At the same time, Andy Panda was working on a new girl group he envisioned as being a Latin version of the Supremes. The group was the Cover Girls. He and the Latin Rascals produced a demo for the group and began working on a stage show for the girls. Andy and I were Iooking for the same thing; a group that Hispanics could look up to and feel represented by.

On August 2, 1985, a club called the Devil's Nest opened its doors on the corner of Webster and Tremont Avenues in the Bronx. The club was originally intended to be a salsa club but the turnout was very light and the club owner, Sal Abbatiello, knew he had to think fast to keep the club alive. After a visit to a Manhattan club called Inferno which was packing in a large Latin teen crowd, he decided he should try to make Inferno's formula work in the Bronx. In order to succeed, he needed the right D J., the most popular new D J. on the street, to draw the crowd to the Devil's Nest. He heard about a young Puerto Rican D.J. who didn't play in clubs because he was too young, but when he played at local street jams, crowds followed him.

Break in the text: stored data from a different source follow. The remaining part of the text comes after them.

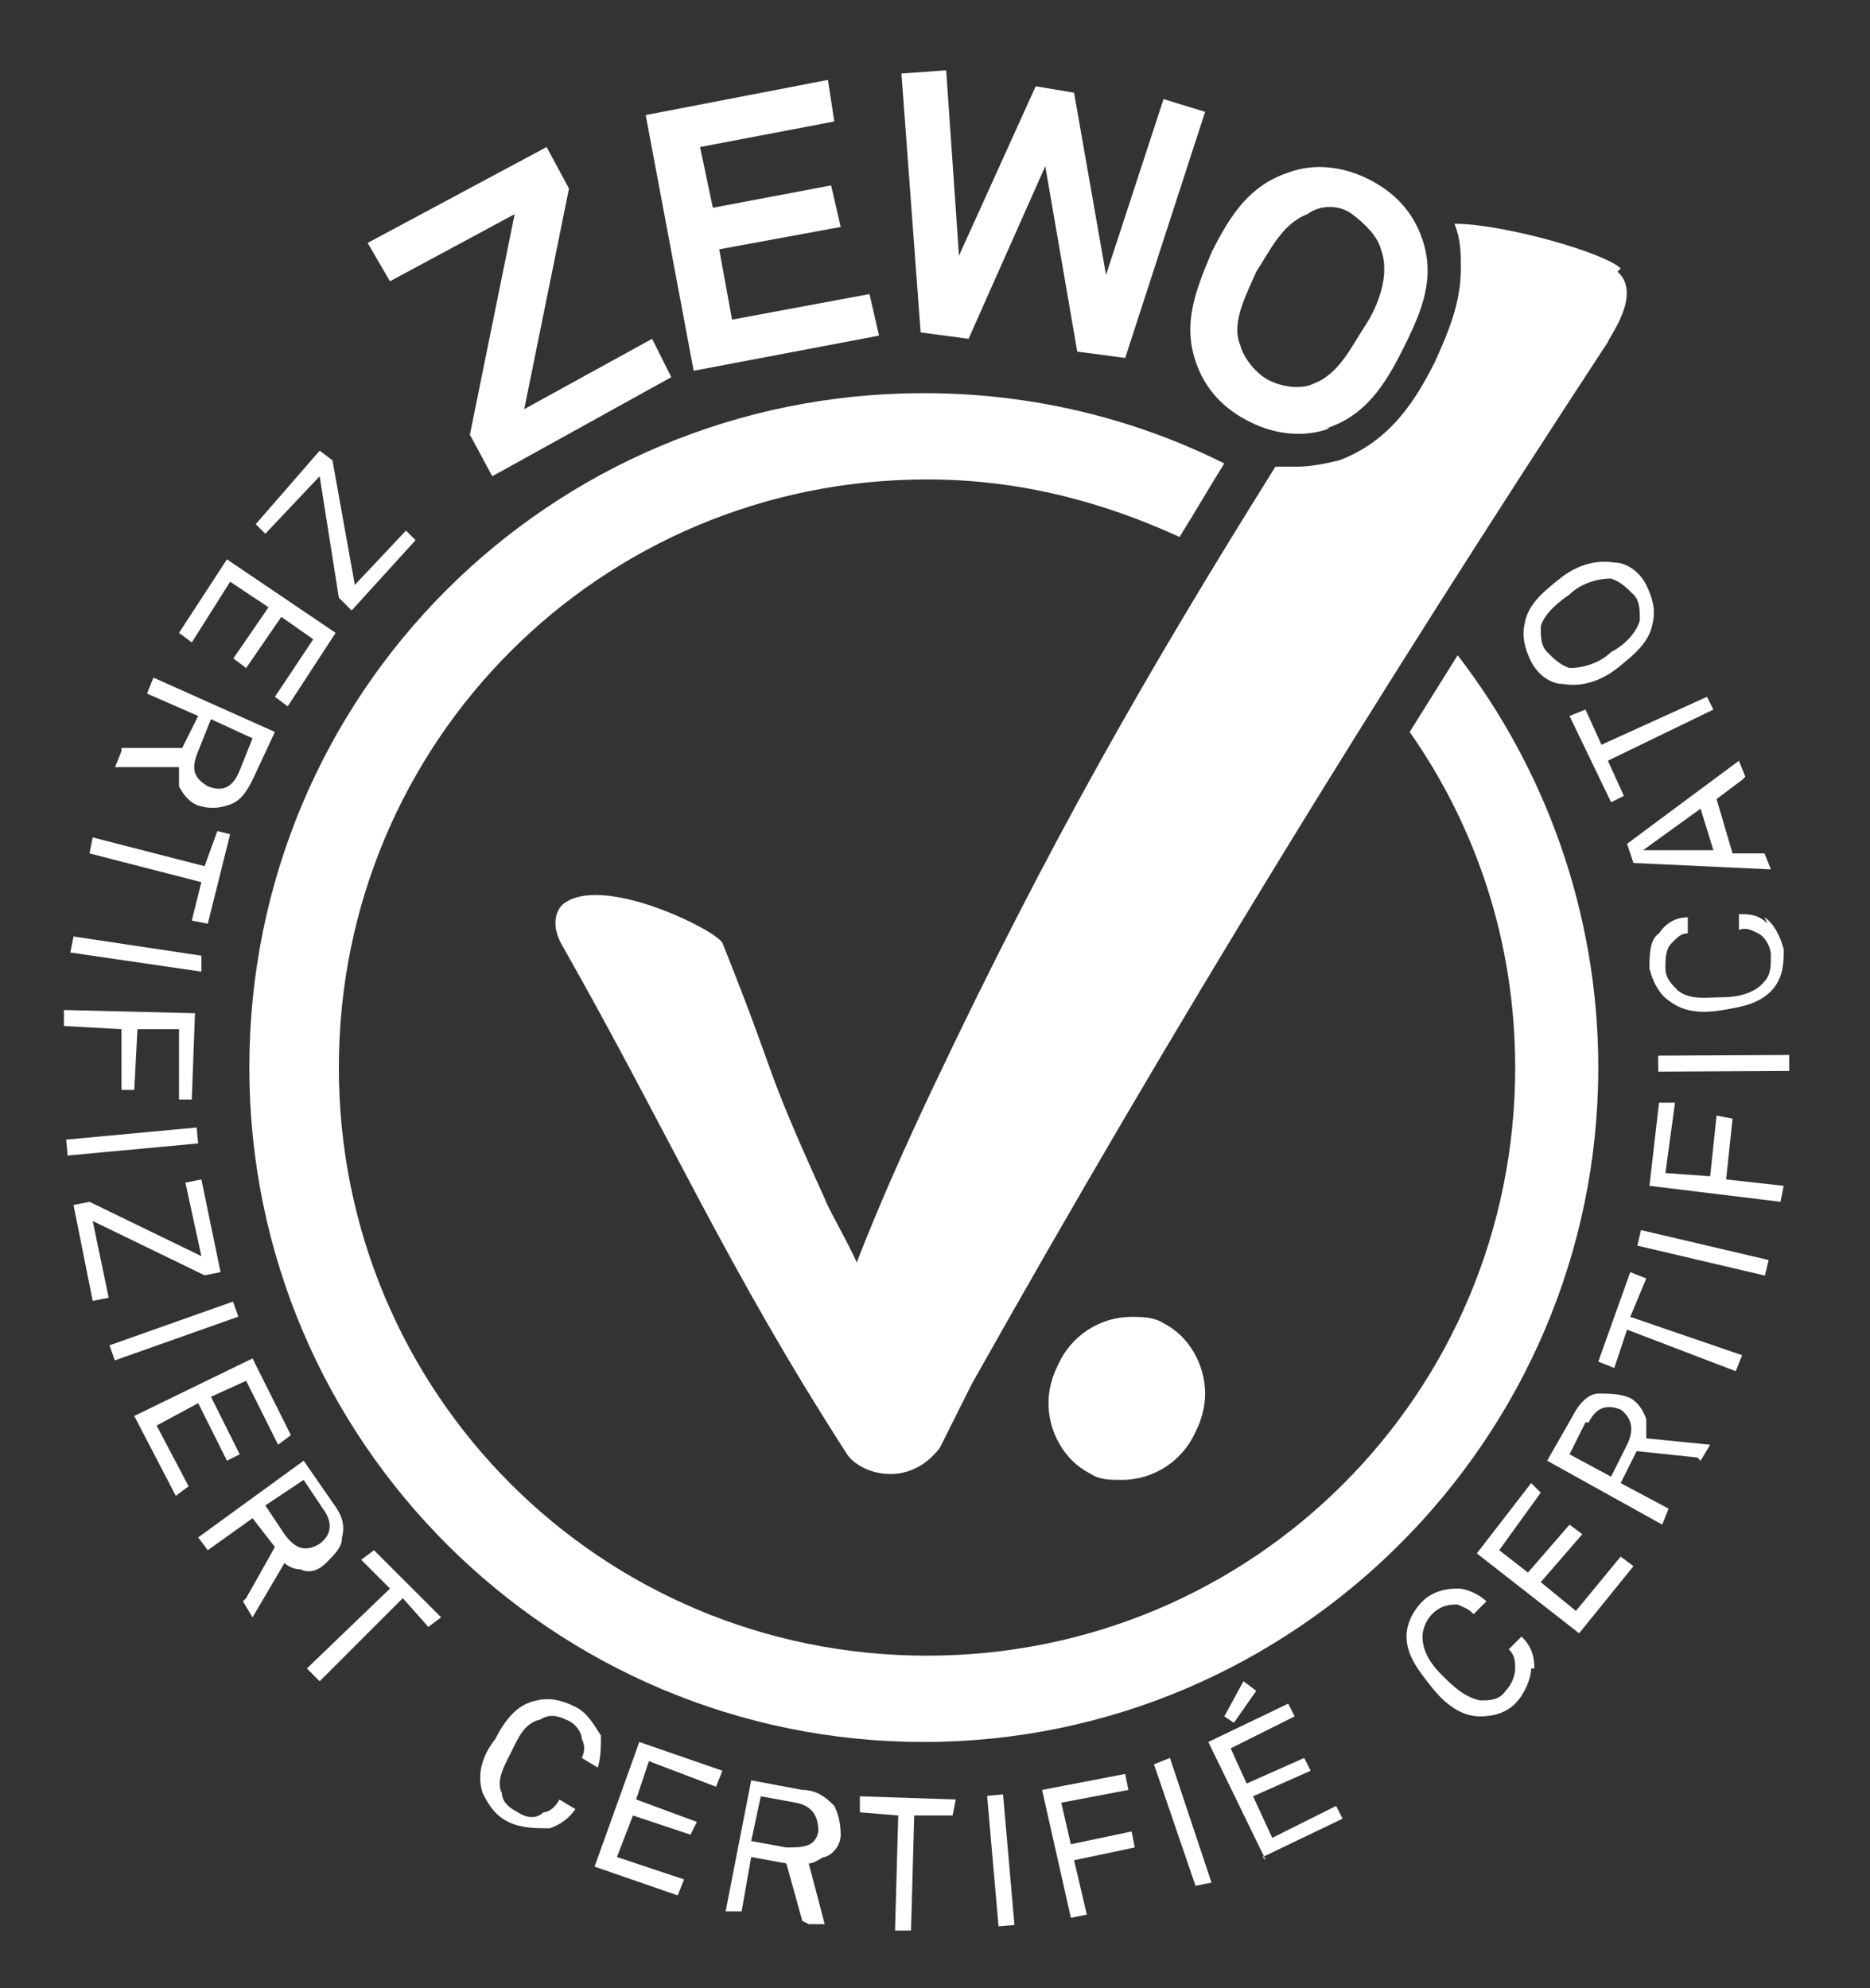 <?xml version="1.0" encoding="UTF-8"?>
<svg xmlns="http://www.w3.org/2000/svg" id="Logo__x26__Claim_E" version="1.1" viewBox="0 0 58.5 62.2">
  <rect x="0" y="0" width="58.5" height="62.2" fill="#333333" stroke="none"/>
  <defs>
    <style>
      .st0 {
        fill: #fff;
      }
    </style>
  </defs>
  <g id="Logo">
    <path class="st0" d="M36.4,41.4c-.3-.2-.7-.2-1-.2-1,0-1.9.6-2.3,1.5-.2.4-.3.8-.3,1.2,0,.9.5,1.8,1.3,2.2.3.2.6.2,1,.2,1,0,1.9-.6,2.3-1.5.2-.4.3-.8.3-1.2,0-.9-.5-1.8-1.3-2.2M50.7,8.4c-.5-.5-3.7-1.4-5.2-1.4,0,0,0,0,0,0,.2.5.2.9.2,1.4,0,1.1-.4,2-.8,2.9-.6,1.2-1.4,2.5-3,3.1-.4.1-.9.2-1.3.2s-.5,0-.7,0c-4,6.4-7.1,11.8-10.7,19.4-.9,1.9-1.7,3.7-2.4,5.5-.2-.5-.9-1.7-1-2-2-4.4-1.4-3.5-3.2-8-.2-.4-3.8-2.2-5-1.2-.3.3-.3.8,0,1.3,3.4,6,5.1,10,8.9,15.9.4.6,1.9,1.1,2.9-.2l1-2c6.3-11.2,12.5-21.3,19.9-32.6,0-.1,1.1-1.5.3-2.2"></path>
    <polygon class="st0" points="10 14.1 10.4 14.4 11.1 18.3 12.7 16.6 13 16.9 11 19.1 10.6 18.7 10 14.9 8.3 16.7 8 16.4 10 14.1"></polygon>
    <polygon class="st0" points="7.1 17.5 10.5 19.8 9 22.1 8.6 21.8 9.8 20 8.8 19.3 7.7 20.9 7.3 20.6 8.4 19 7.2 18.2 6 20.1 5.6 19.8 7.1 17.5"></polygon>
    <path class="st0" d="M3.8,23.4h1.9s.5-1,.5-1l-1.6-.7.2-.5,3.8,1.7-.7,1.5c-.2.4-.4.7-.8.8-.3.1-.6.1-.9,0s-.5-.4-.6-.6c0-.2,0-.4,0-.6h-2s.2-.5.2-.5ZM7.5,24.1l.4-1-1.3-.6-.4,1c-.2.5-.2.8.3,1.1.5.2.8,0,1-.5"></path>
    <polygon class="st0" points="6.3 27.6 2.8 26.7 2.9 26.2 6.4 27.1 6.8 26 7.2 26.1 6.5 28.9 6 28.8 6.3 27.6"></polygon>
    <polygon class="st0" points="2.3 29.3 6.3 29.9 6.3 30.4 2.2 29.8 2.3 29.3"></polygon>
    <polygon class="st0" points="5.6 32.2 4.3 32.2 4.2 34.1 3.8 34.1 3.8 32.2 2 32.1 2 31.6 6.1 31.7 6 34.4 5.6 34.4 5.6 32.2"></polygon>
    <rect class="st0" x="2.1" y="35.5" width="4.1" height=".5" transform="translate(-3.3 .5) rotate(-5.3)"></rect>
    <polygon class="st0" points="2.3 37.7 2.8 37.6 6.3 39.3 5.8 37 6.3 36.9 6.9 39.8 6.4 39.9 2.9 38.2 3.4 40.6 2.9 40.7 2.3 37.7"></polygon>
    <rect class="st0" x="3.4" y="41.4" width="4.1" height=".5" transform="translate(-13.6 4.2) rotate(-19.5)"></rect>
    <polygon class="st0" points="4.2 44.3 7.9 42.5 9.1 44.9 8.7 45.2 7.7 43.2 6.6 43.7 7.5 45.5 7.1 45.7 6.2 43.9 4.9 44.6 5.9 46.5 5.5 46.8 4.2 44.3"></polygon>
    <path class="st0" d="M7.7,50l.9-1.6-.7-.9-1.4,1-.3-.4,3.3-2.4.9,1.3c.3.4.4.7.3,1.1,0,.3-.2.5-.5.8s-.6.3-.8.2c-.2,0-.4-.1-.5-.2l-1,1.7-.3-.5ZM10.1,47.2l-.6-.9-1.2.8.6.9c.3.4.6.6,1.1.3.4-.3.4-.7.1-1.1"></path>
    <polygon class="st0" points="12.6 50 10 52.6 9.6 52.2 12.2 49.7 11.3 48.8 11.7 48.5 13.8 50.6 13.4 50.9 12.6 50"></polygon>
    <path class="st0" d="M17.1,57.2c-.3,0-.8,0-1.2-.2-.4-.2-.6-.5-.8-.9-.2-.6,0-1.2.4-1.7.3-.6.7-1.1,1.3-1.2.4-.1.8,0,1.2.2.4.2.6.6.8.9,0,.3,0,.7-.1,1l-.5-.3c.1-.2.1-.4,0-.6,0-.2-.2-.5-.5-.6-.2-.1-.5-.2-.8,0-.5.1-.7.6-.9,1-.2.4-.5.9-.3,1.3,0,.3.3.5.5.6.3.2.6.2.8,0,.2,0,.4-.2.5-.4l.5.3c-.2.3-.5.5-.8.6"></path>
    <polygon class="st0" points="18.6 58.4 20 54.5 22.6 55.4 22.4 55.9 20.3 55.1 19.9 56.3 21.8 57 21.6 57.4 19.8 56.8 19.3 58.1 21.4 58.8 21.2 59.3 18.6 58.4"></polygon>
    <path class="st0" d="M25.1,60.1l-.5-1.8-1.1-.2-.3,1.7h-.5c0,0,.8-4.1.8-4.1l1.6.3c.5,0,.8.3,1,.5.1.2.2.5.2.9,0,.3-.2.6-.5.7-.1,0-.3.2-.5.2l.5,1.9h-.5ZM24.9,56.4l-1.1-.2-.3,1.4,1.1.2c.5,0,.9,0,1-.5,0-.5-.2-.8-.7-.9"></path>
    <polygon class="st0" points="28.6 56.8 28.5 60.4 28 60.4 28.1 56.8 26.9 56.7 26.9 56.2 29.9 56.3 29.8 56.8 28.6 56.8"></polygon>
    <rect class="st0" x="31" y="56.2" width=".5" height="4.1" transform="translate(-4.9 2.9) rotate(-5)"></rect>
    <polygon class="st0" points="33.2 56.4 33.5 57.7 35.4 57.3 35.5 57.8 33.6 58.2 34 59.9 33.5 60 32.6 56 35.2 55.5 35.3 56 33.2 56.4"></polygon>
    <polygon class="st0" points="37.4 59 36.1 55.2 36.6 55 37.9 58.9 37.4 59"></polygon>
    <path class="st0" d="M39.6,58.2l-1.8-3.7,2.5-1.2.2.4-2,1,.5,1.1,1.8-.8.2.4-1.8.8.6,1.3,2-1,.2.4-2.5,1.2ZM38.6,53.9l-.3-.2.6-1.1.4.3-.7,1Z"></path>
    <path class="st0" d="M47.9,52.2c0,.3-.2.8-.5,1.1-.3.3-.7.4-1.1.4-.6,0-1.1-.4-1.5-.9-.4-.5-.8-1-.8-1.6,0-.4.2-.8.5-1.1.3-.3.7-.4,1.1-.4.3,0,.7.2.9.4l-.4.4c-.2-.2-.3-.2-.5-.3-.2,0-.5,0-.8.3-.2.2-.3.5-.3.7,0,.5.3.9.6,1.2s.7.7,1.2.8c.3,0,.6,0,.8-.3.2-.2.3-.5.3-.7s0-.4-.2-.6l.4-.4c.3.3.4.6.4,1"></path>
    <polygon class="st0" points="49.4 51.1 46.2 48.6 47.9 46.4 48.2 46.7 46.9 48.5 47.8 49.2 49.1 47.7 49.5 48 48.2 49.5 49.3 50.4 50.7 48.7 51.1 49 49.4 51.1"></polygon>
    <path class="st0" d="M53.1,45.6l-1.9-.2-.5,1,1.5.8-.2.5-3.6-2,.8-1.4c.2-.4.5-.7.8-.7.3,0,.6,0,.9.1s.5.4.6.7c0,.2,0,.4,0,.6l2,.2-.3.5ZM49.6,44.5l-.5,1,1.3.7.5-1c.2-.4.2-.8-.2-1.1-.5-.2-.8,0-1,.4"></path>
    <polygon class="st0" points="51 41.2 54.5 42.4 54.3 42.9 50.9 41.6 50.5 42.8 50 42.6 51 39.8 51.5 40 51 41.2"></polygon>
    <rect class="st0" x="53" y="37.1" width=".5" height="4.1" transform="translate(3 82.1) rotate(-76.8)"></rect>
    <polygon class="st0" points="52.1 36.7 53.5 36.8 53.7 34.9 54.2 35 54 36.9 55.8 37.1 55.7 37.6 51.6 37.1 51.9 34.5 52.4 34.5 52.1 36.7"></polygon>
    <rect class="st0" x="51.9" y="33" width="4.1" height=".5" transform="translate(-.2 .3) rotate(-.3)"></rect>
    <path class="st0" d="M55.2,28.7c.3.2.5.6.6,1,0,.4,0,.8-.3,1.2-.4.5-1,.6-1.6.7s-1.2.1-1.7-.3c-.3-.2-.5-.6-.6-1,0-.4,0-.9.3-1.1.2-.3.5-.5.9-.5v.5c-.2,0-.3.1-.5.3-.2.2-.2.5-.2.8,0,.3.2.5.4.7.4.3.9.2,1.4.2.4,0,1-.1,1.3-.5.2-.2.2-.5.2-.8,0-.3-.2-.6-.4-.7-.2-.1-.4-.2-.6-.1v-.5c.3,0,.6,0,.9.3"></path>
    <path class="st0" d="M54.5,24.4l-.8.6.5,1.7h1s.2.5.2.5l-4.3-.2-.2-.6,3.5-2.6.2.5ZM51.4,26.6h2.2c0,0-.4-1.3-.4-1.3l-1.8,1.3Z"></path>
    <polygon class="st0" points="50.1 23.3 53.4 21.8 53.6 22.2 50.3 23.8 50.8 24.9 50.4 25.1 49.1 22.4 49.6 22.2 50.1 23.3"></polygon>
    <path class="st0" d="M50.5,17.6c.4,0,.8.3,1,.7s.3.8.2,1.2c-.1.6-.6,1-1.1,1.4-.5.4-1.1.6-1.7.5-.4,0-.8-.3-1-.7s-.3-.8-.2-1.2c.1-.6.6-1,1.1-1.4.5-.4,1.1-.6,1.7-.5M48.2,19.6c0,.3,0,.6.2.8.2.2.4.4.7.5.5,0,1-.2,1.3-.5.4-.2.8-.6.9-1,0-.3,0-.6-.2-.8-.2-.2-.4-.4-.7-.5-.5,0-1,.2-1.3.5-.3.2-.8.6-.9,1"></path>
    <path class="st0" d="M44.1,22.9c2.1,3,3.3,6.6,3.3,10.5,0,10.2-8.2,18.4-18.4,18.4-10.2,0-18.4-8.2-18.4-18.4,0-10.2,8.2-18.4,18.4-18.4,2.9,0,5.5.7,7.9,1.8.5-.8.9-1.5,1.4-2.3-2.8-1.4-6-2.2-9.4-2.2-11.7,0-21.1,9.4-21.1,21.1s9.5,21.1,21.1,21.1,21.1-9.5,21.1-21.1c0-4.9-1.7-9.4-4.4-12.9-.5.8-1,1.6-1.5,2.4"></path>
    <polygon class="st0" points="15.4 14.9 14.7 13.6 16.1 6.7 12.2 8.8 11.5 7.6 17.1 4.6 17.8 5.9 16.4 12.8 20.4 10.6 21 11.8 15.4 14.9"></polygon>
    <polygon class="st0" points="21.7 11.6 20.2 3.6 25.9 2.5 26.1 3.8 21.9 4.6 22.3 6.5 26 5.8 26.3 7.1 22.5 7.8 22.9 10 27.2 9.2 27.5 10.5 21.7 11.6"></polygon>
    <polygon class="st0" points="35.2 11.2 33.7 11 32.7 5.2 30.3 10.6 28.8 10.4 28.2 2.3 29.6 2.2 30 8 32.4 2.7 33.6 2.9 34.6 8.6 36.4 3.1 37.7 3.5 35.2 11.2"></polygon>
    <path class="st0" d="M41.6,13.4c-.8.3-1.7.2-2.5-.2-.8-.4-1.4-1-1.7-1.9-.4-1.2,0-2.2.5-3.4.6-1.2,1.2-2.1,2.4-2.5.8-.3,1.7-.2,2.5.2.8.4,1.4,1,1.7,1.9.4,1.2,0,2.2-.6,3.4-.6,1.2-1.2,2.1-2.4,2.5M43.2,7.8c-.1-.4-.5-.8-.9-1.1s-1-.3-1.4,0c-.8.3-1.2,1.2-1.6,1.8-.3.7-.8,1.6-.5,2.3.1.4.5.9.9,1.1.4.2,1,.3,1.4.1.8-.3,1.2-1.2,1.6-1.8s.8-1.6.5-2.4"></path>
  </g>
</svg>

The D.J. was Little Louie Vega. Two weeks later the Devil's Nest booked Expose, hired Little Louie, and Sal crossed his fingers. Luck he didn't need. The combination of Little Louie's following and the popularity of Exposé's hits "Point Of No Return" and "Exposed To Love" paid off. The club was packed and stayed packed week after week.

Little Louie started playing "Show Me" by the Cover Girls and "One Way Love" by TKA on demo reels. They soon became Louie's biggest records even before they were officially released. On March 1, 1986, one week after the release of "One Way Love," TKA performed at the Devil's Nest. The club was packed with kids waiting to see who sang the record that they had heard in the club for weeks. When TKA walked on stage, the crowd went crazy. In all honesty, the show was rough around the edges, but the crowd loved them. They were happy to see one of their own on stage. TKA wound up repeating their entire show twice that night.